Miller WG, Parker CT, Rubenfield M, Mendz GL, Wösten MM, Ussery DW, Stolz JF, Binnewies TT, Hallin PF, Wang G, Malek JA, Rogosin A, Stanker LH, Mandrell RE - PLoS ONE (2007)

Bottom Line: In addition, the analyses indicated also that a substantial proportion of the A. butzleri genome is devoted to growth and survival under diverse environmental conditions, with a large number of respiration-associated proteins, signal transduction and chemotaxis proteins and proteins involved in DNA repair and adaptation.The presence of pathways and loci associated often with non-host-associated organisms, as well as genes associated with virulence, suggests that A. butzleri is a free-living, water-borne organism that might be classified rightfully as an emerging pathogen.The genome sequence and analyses presented in this study are an important first step in understanding the physiology and genetics of this organism, which constitutes a bridge between the environment and mammalian hosts.

View Article: PubMed Central - PubMed

Affiliation: Produce Safety and Microbiology Research Unit, Agricultural Research Service, US Department of Agriculture, Albany, California, United States of America. bmiller@pw.usda.gov

ABSTRACT

Background: Arcobacter butzleri is a member of the epsilon subdivision of the Proteobacteria and a close taxonomic relative of established pathogens, such as Campylobacter jejuni and Helicobacter pylori. Here we present the complete genome sequence of the human clinical isolate, A. butzleri strain RM4018.

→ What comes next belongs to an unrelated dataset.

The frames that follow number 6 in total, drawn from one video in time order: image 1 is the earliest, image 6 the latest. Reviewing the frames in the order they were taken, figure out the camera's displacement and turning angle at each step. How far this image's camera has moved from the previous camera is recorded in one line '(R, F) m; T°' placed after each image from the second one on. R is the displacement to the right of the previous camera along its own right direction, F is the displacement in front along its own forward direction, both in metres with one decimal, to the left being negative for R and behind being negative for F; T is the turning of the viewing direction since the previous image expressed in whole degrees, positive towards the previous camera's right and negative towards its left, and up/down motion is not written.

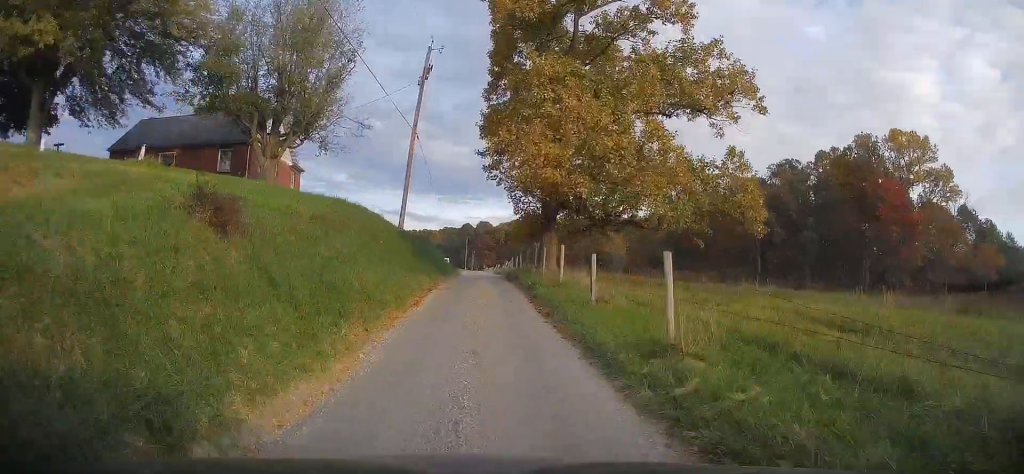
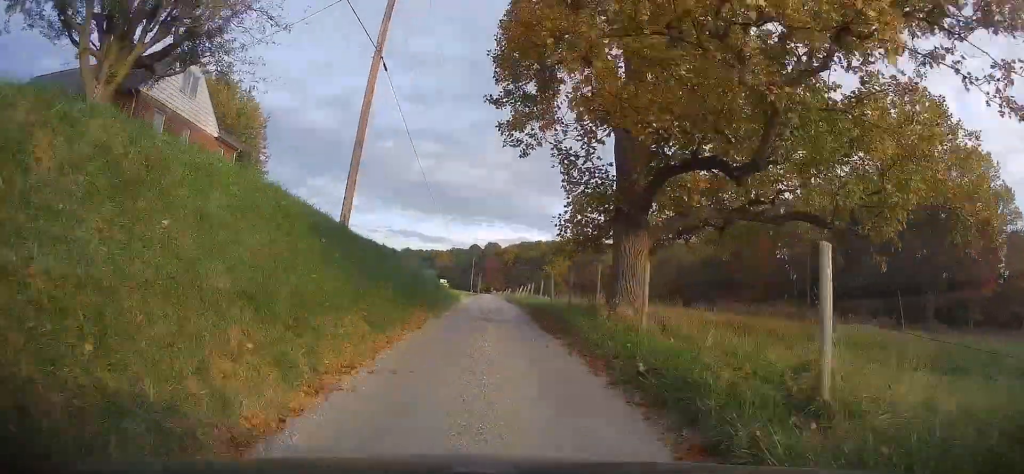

Methodology/principal findings: Arcobacter butzleri is a member of the Campylobacteraceae, but the majority of its proteome is most similar to those of Sulfuromonas denitrificans and Wolinella succinogenes, both members of the Helicobacteraceae, and those of the deep-sea vent Epsilonproteobacteria Sulfurovum and Nitratiruptor. In addition, many of the genes and pathways described here, e.g. those involved in signal transduction and sulfur metabolism, have been identified previously within the epsilon subdivision only in S. denitrificans, W. succinogenes, Sulfurovum, and/or Nitratiruptor, or are unique to the subdivision. In addition, the analyses indicated also that a substantial proportion of the A. butzleri genome is devoted to growth and survival under diverse environmental conditions, with a large number of respiration-associated proteins, signal transduction and chemotaxis proteins and proteins involved in DNA repair and adaptation. To investigate the genomic diversity of A. butzleri strains, we constructed an A. butzleri DNA microarray comprising 2238 genes from strain RM4018. Comparative genomic indexing analysis of 12 additional A. butzleri strains identified both the core genes of A. butzleri and intraspecies hypervariable regions, where <70% of the genes were present in at least two strains.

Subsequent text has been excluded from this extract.